El gesto de humanidad de la magistrada, implorado por algunas ONG, es una excepción en el régimen de los centros de todo el Estado del bienestar español. Es normal (dentro de lo anormal de un mundo dividido por fronteras y nacionalismos) que a los inmigrantes sin papeles se les devuelva a sus países de origen. Lo que repugna a la razón es que su estancia, hasta la expulsión, se convierta en una prisión que extingue derechos que mantiene el más execrable chorizo nacional.
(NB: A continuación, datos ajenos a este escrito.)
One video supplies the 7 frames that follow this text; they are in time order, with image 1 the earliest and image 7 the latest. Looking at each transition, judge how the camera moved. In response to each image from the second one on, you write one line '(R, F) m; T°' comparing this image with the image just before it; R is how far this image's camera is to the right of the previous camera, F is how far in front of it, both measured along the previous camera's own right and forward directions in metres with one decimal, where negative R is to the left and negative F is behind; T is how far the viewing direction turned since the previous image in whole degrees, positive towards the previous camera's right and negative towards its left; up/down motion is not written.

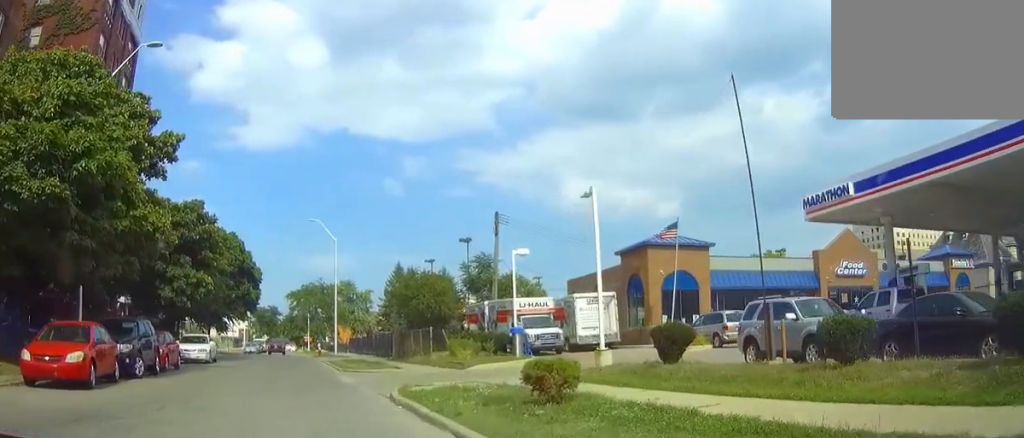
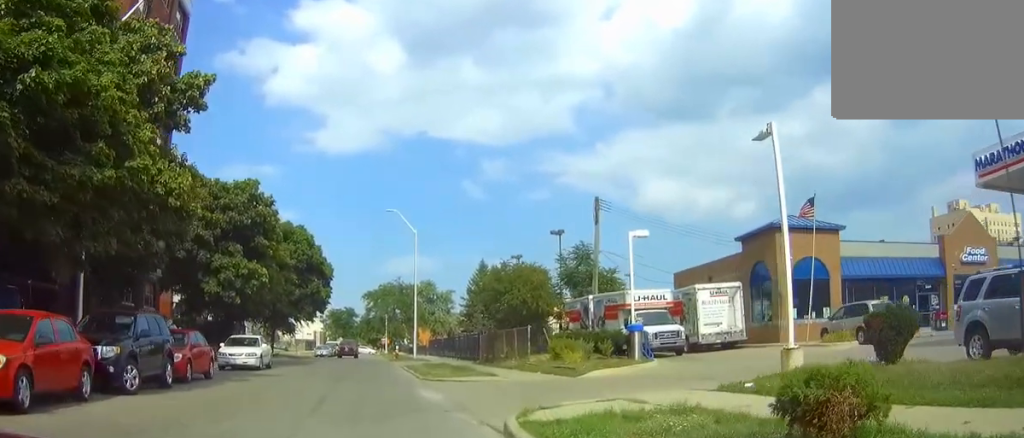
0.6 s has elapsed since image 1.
(-0.7, +5.8) m; -7°
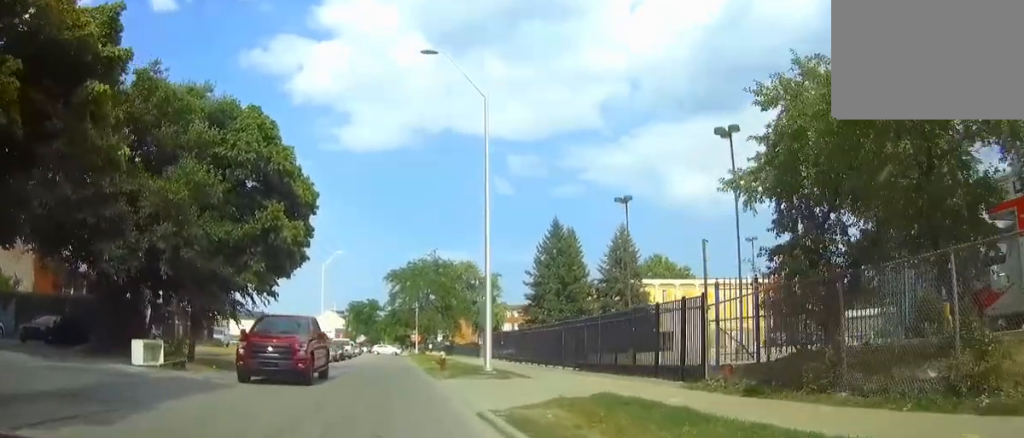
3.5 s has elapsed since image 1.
(+0.4, +31.5) m; +3°
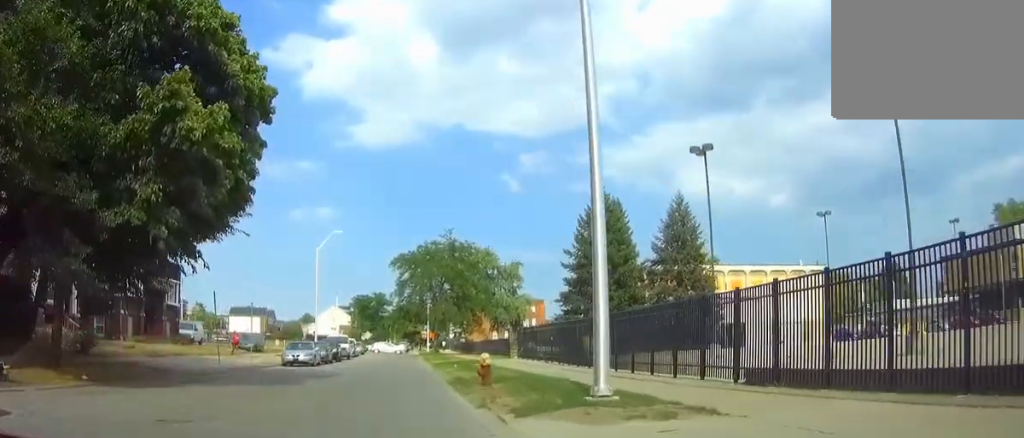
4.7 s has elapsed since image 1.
(+0.5, +13.3) m; +2°
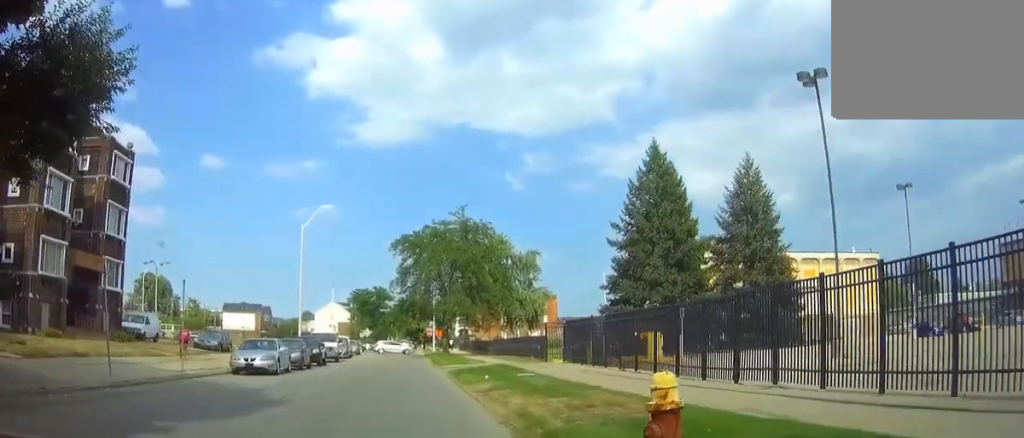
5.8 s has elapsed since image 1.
(+0.1, +12.3) m; +1°
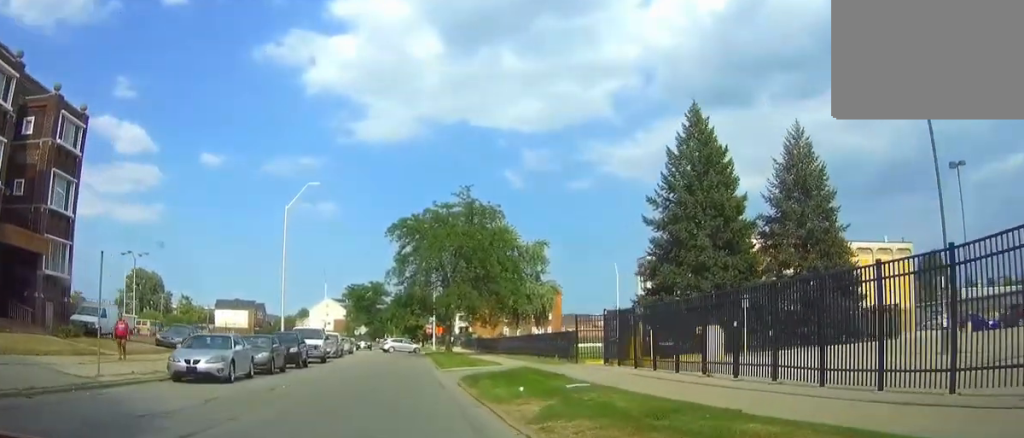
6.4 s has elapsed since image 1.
(+0.1, +7.0) m; +1°
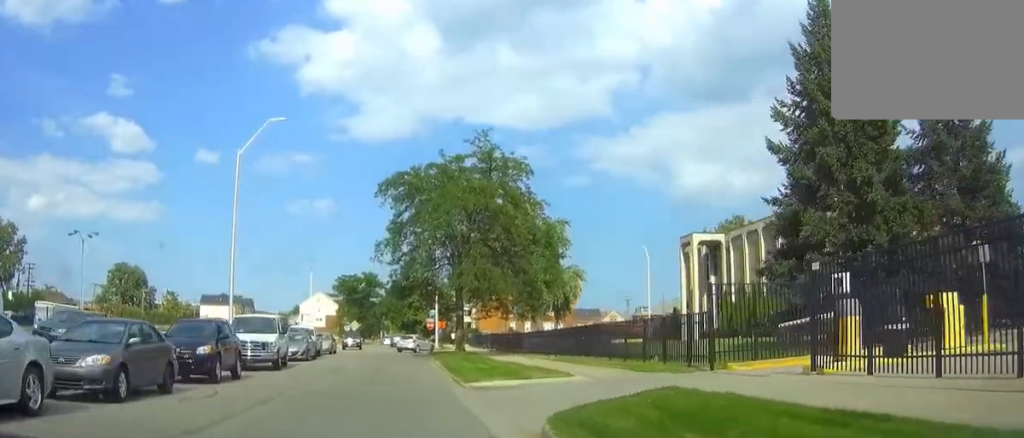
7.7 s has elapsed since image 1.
(+0.1, +14.2) m; +1°

Algún día pagaremos, supongo, la civilizada eugenesia que los países desarrollados vienen practicando en África con la siempre excelente colaboración de los propios caudillos africanos. Mientras tanto somos ese sueño con el que sueñan, con los ojos abiertos, los mendigos del continente negro. Alambradas, campos de internamiento, patrullas de vigilancia… tienen ecos de viejas canciones que escuchamos en aquella Europa en la que los negros éramos nosotros.

Qué pronto se nos olvidó a los nuevos ricos la maleta de cartón. Consuela pensar que este jardín de recortes, impuestos y comedores sociales puede ser aún el paraíso para millones de personas. Consuela y hace pensar.